• What you have to do: Give back each line of the listing below that contains the string "italic".

• Available data:
******

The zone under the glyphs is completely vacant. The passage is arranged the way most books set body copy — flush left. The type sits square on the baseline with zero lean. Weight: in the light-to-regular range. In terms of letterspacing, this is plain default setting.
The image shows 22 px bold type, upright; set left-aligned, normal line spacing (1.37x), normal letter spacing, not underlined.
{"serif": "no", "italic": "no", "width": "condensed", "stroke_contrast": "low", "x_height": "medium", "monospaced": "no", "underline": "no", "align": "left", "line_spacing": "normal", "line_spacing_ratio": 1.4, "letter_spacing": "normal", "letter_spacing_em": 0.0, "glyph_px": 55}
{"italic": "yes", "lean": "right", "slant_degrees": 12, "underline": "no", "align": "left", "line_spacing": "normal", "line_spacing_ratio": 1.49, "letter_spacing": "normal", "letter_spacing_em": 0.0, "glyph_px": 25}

******

• Expected output:
{"serif": "no", "italic": "no", "width": "condensed", "stroke_contrast": "low", "x_height": "medium", "monospaced": "no", "underline": "no", "align": "left", "line_spacing": "normal", "line_spacing_ratio": 1.4, "letter_spacing": "normal", "letter_spacing_em": 0.0, "glyph_px": 55}
{"italic": "yes", "lean": "right", "slant_degrees": 12, "underline": "no", "align": "left", "line_spacing": "normal", "line_spacing_ratio": 1.49, "letter_spacing": "normal", "letter_spacing_em": 0.0, "glyph_px": 25}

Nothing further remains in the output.